A new review would essentially allow the government to do the kind of full 45-day assessment of the security implications that the administration argued all last week was unwarranted. Critics of the White House's handling of the situation said the law required the 45-day investigation because Dubai Ports is owned by a foreign state...
If a new investigation is conducted under the terms of a law passed by Congress 14 years ago, the results would be reported to Mr. Bush, who would make a final decision and report to Congress...
Because Mr. Bush has already declared his position on the issue, it is unclear how the administration could conduct a truly independent review. In statements on Tuesday, the president strongly suggested that anti-Arab bias lay behind the protests. The current operator is the Peninsula & Oriental Steam Navigation Company, which is British.
On Monday, Feb 27, Jonathan Weisman described this scenario coming to fruition (Port Deal To Have Broader Review, Washington Post):
The Bush administration said yesterday that it has accepted a proposal from a Dubai maritime company to conduct a 45-day review of the national security implications of the company's plans to take control of significant operations at six U.S. ports...
The announcement by Dubai Ports World, brokered by the White House and Senate Majority Leader Bill Frist (R-Tenn.)...
The deal was worked out over a series of meetings Friday among Frist, Bilkey, DP World lawyers, Cabinet secretaries and White House officials. Late Friday, Frist recommended to the government of the United Arab Emirates and to House Speaker J. Dennis Hastert (R-Ill.) that DP World request a security review and more clearly spell out how it intended to separate its U.S. operations from port management around the world.

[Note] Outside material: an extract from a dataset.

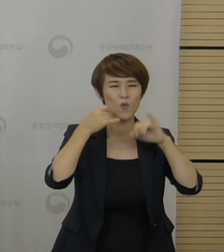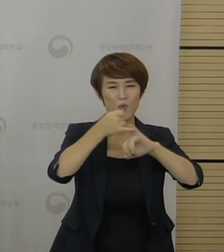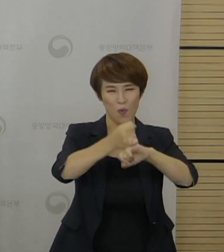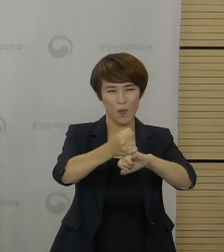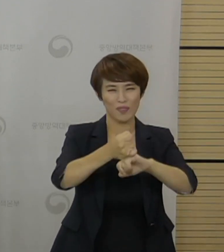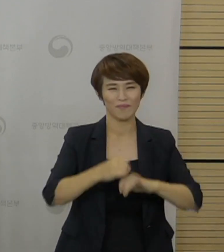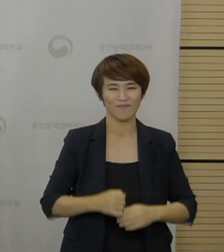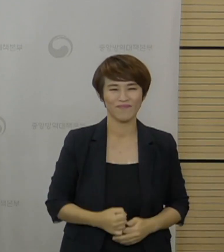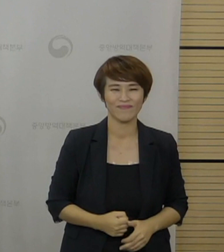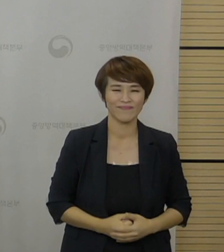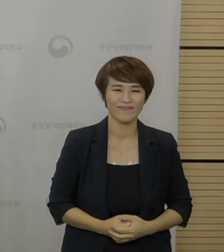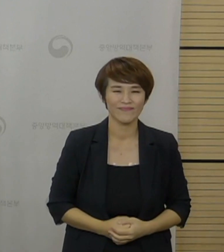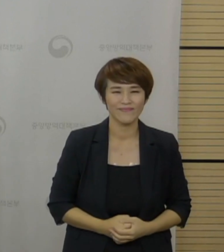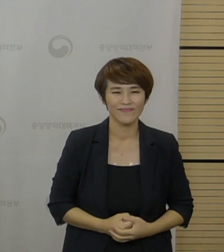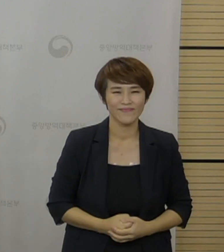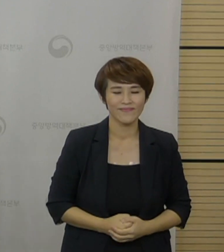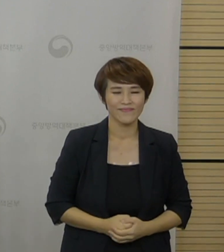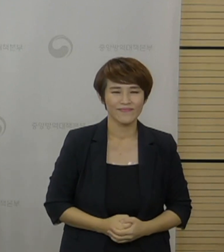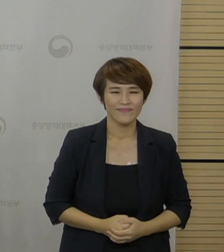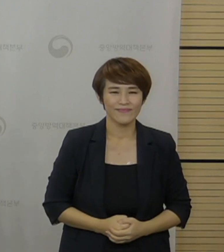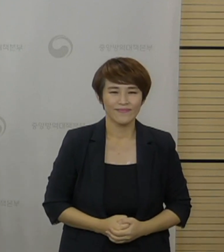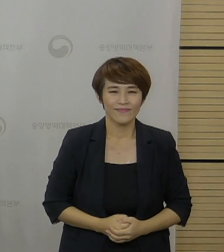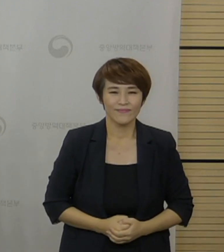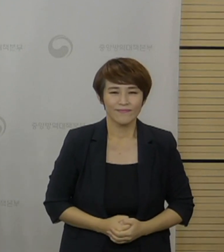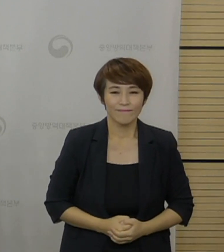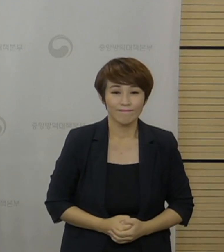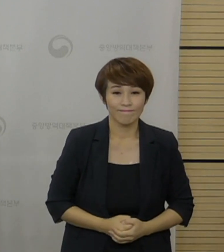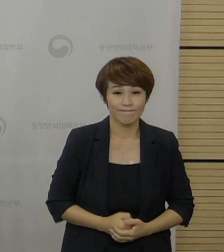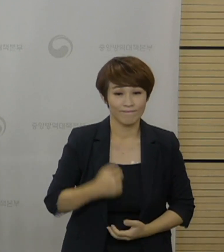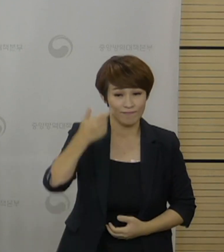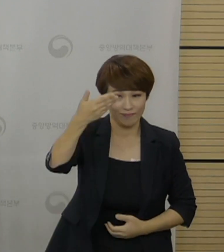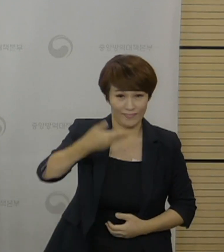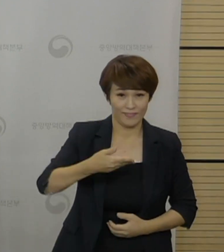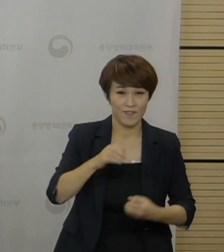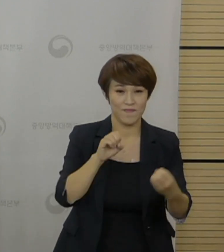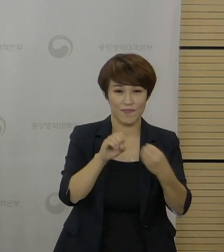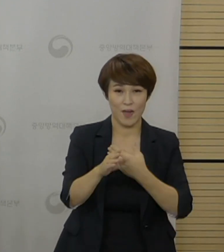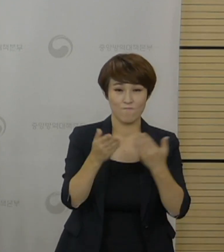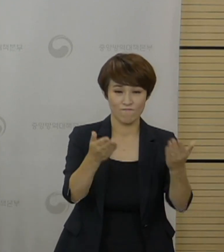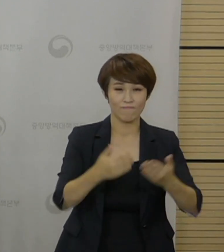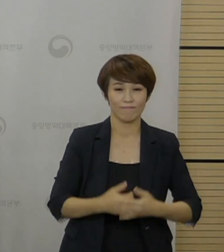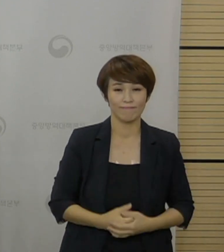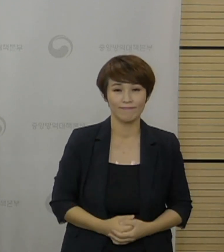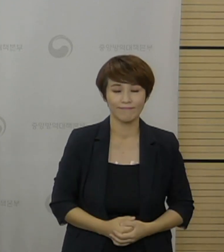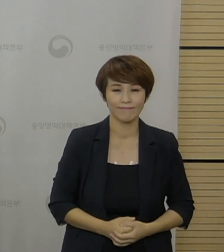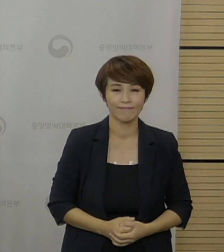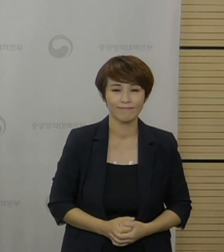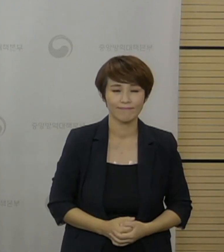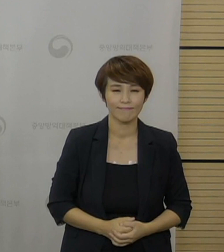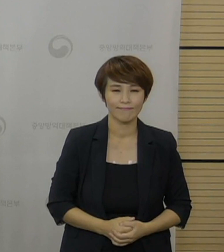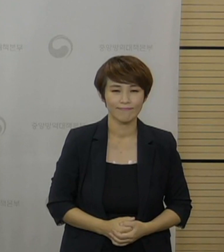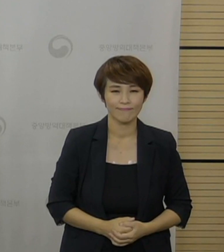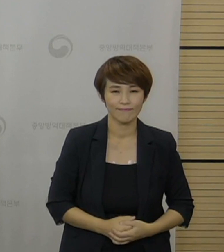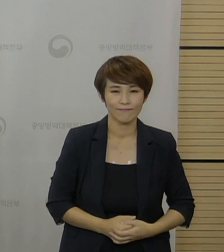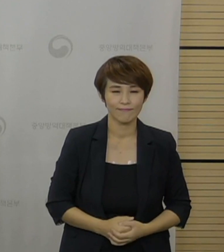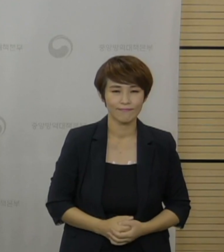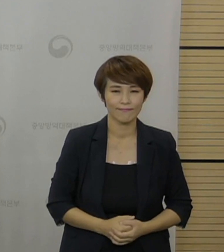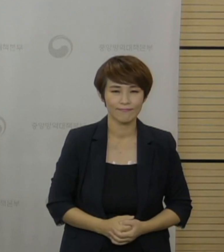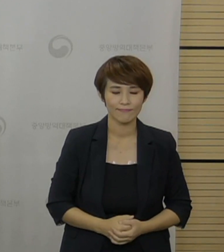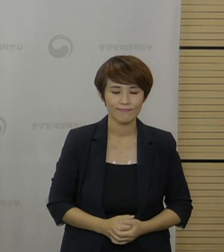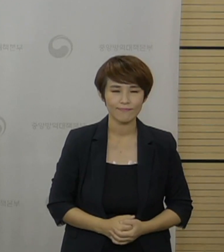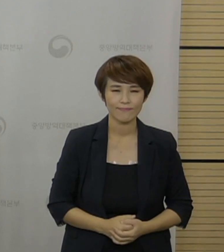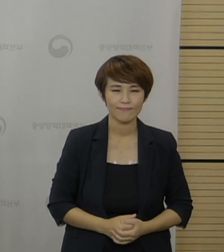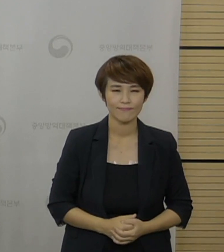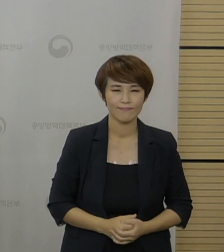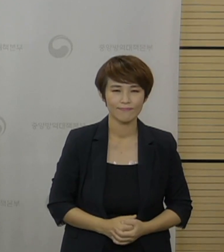감사합니다. 네, 지금부터 기자님들 질문에 답변 드리겠습니다. 출입비자단에서 보내준 사전질문 먼저 드리겠습니다.
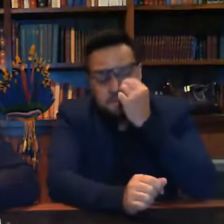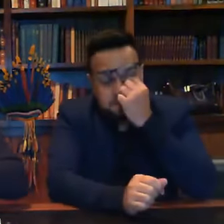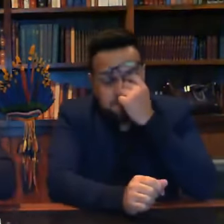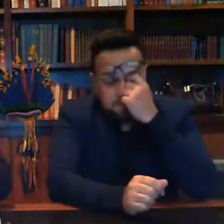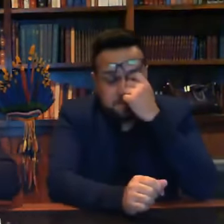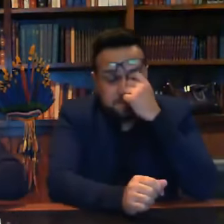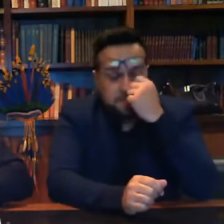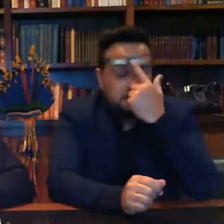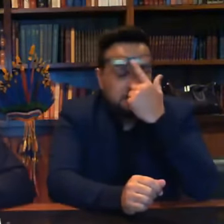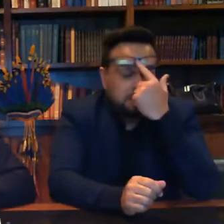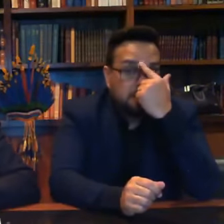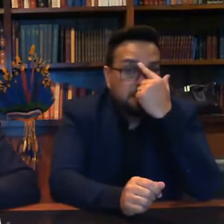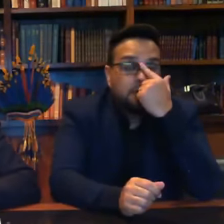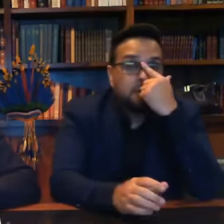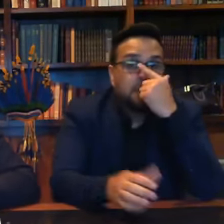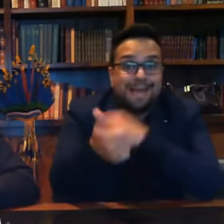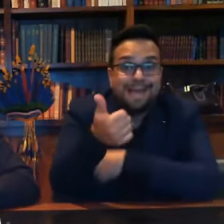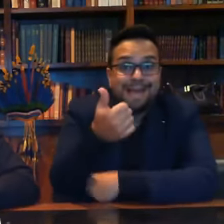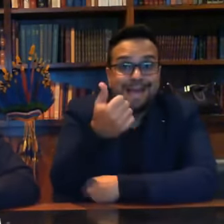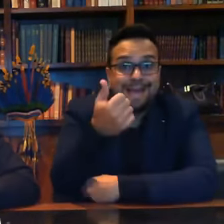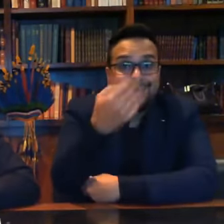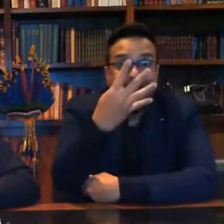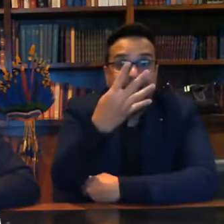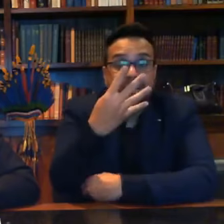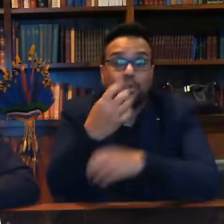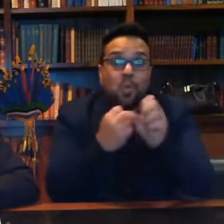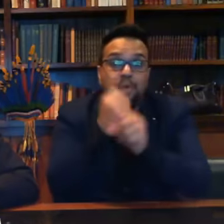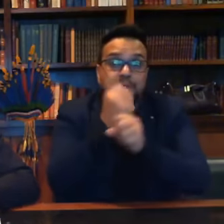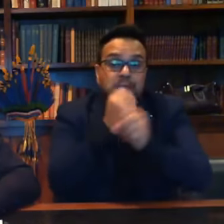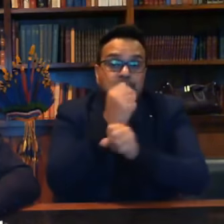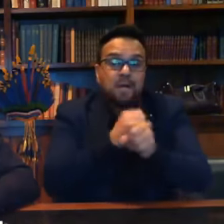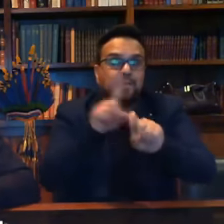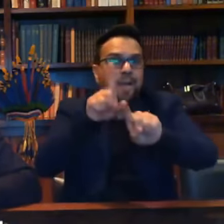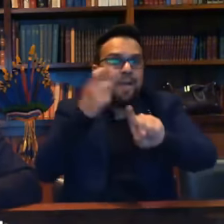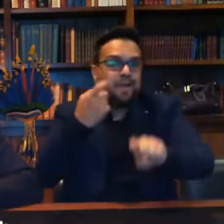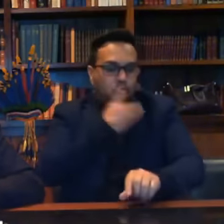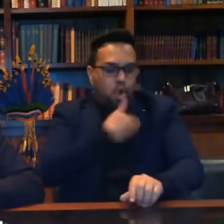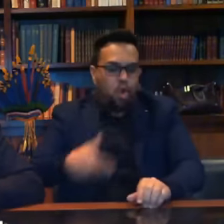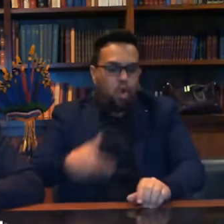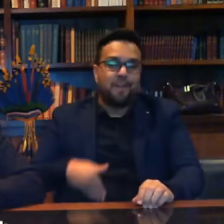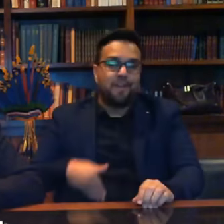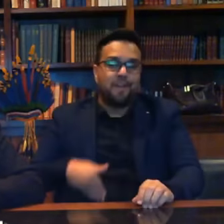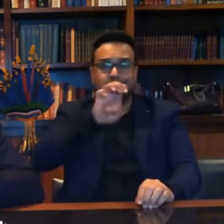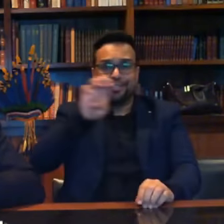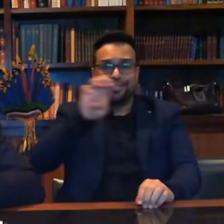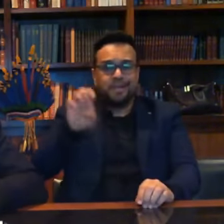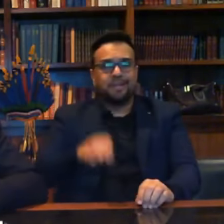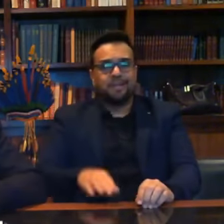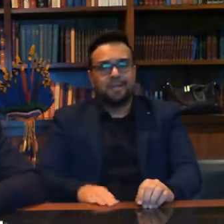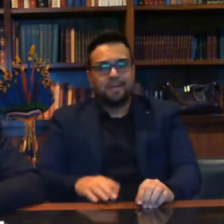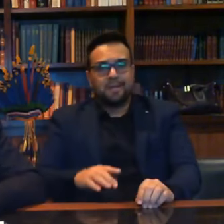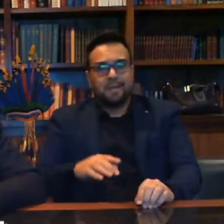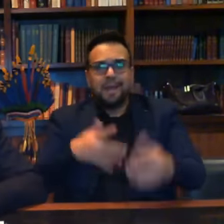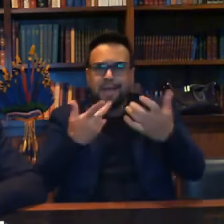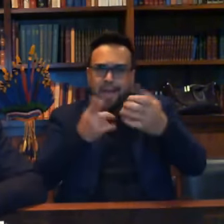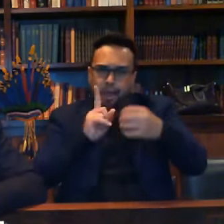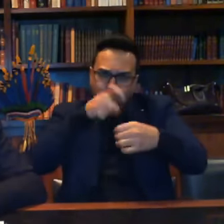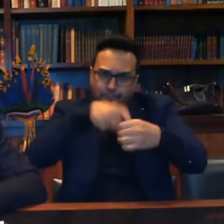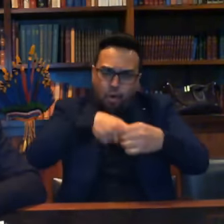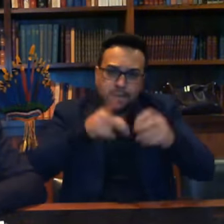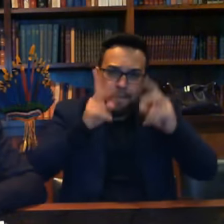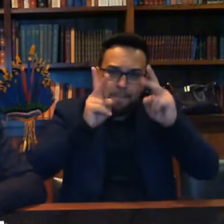de 14 anos do governo de esquerda que tivemos no Brasil há pouco tempo. Queremos isso para o Brasil?

DP World executives and their lawyers worked through the agreement all day Saturday, while GOP leaders in Congress and White House officials focused on the next political steps. Ueland said Frist is pleased with yesterday's company statement, indicating it comported with his expectations.
Revisions This note was originally posted on March 1. It has been revised frequently since then. Last revisions on March 13.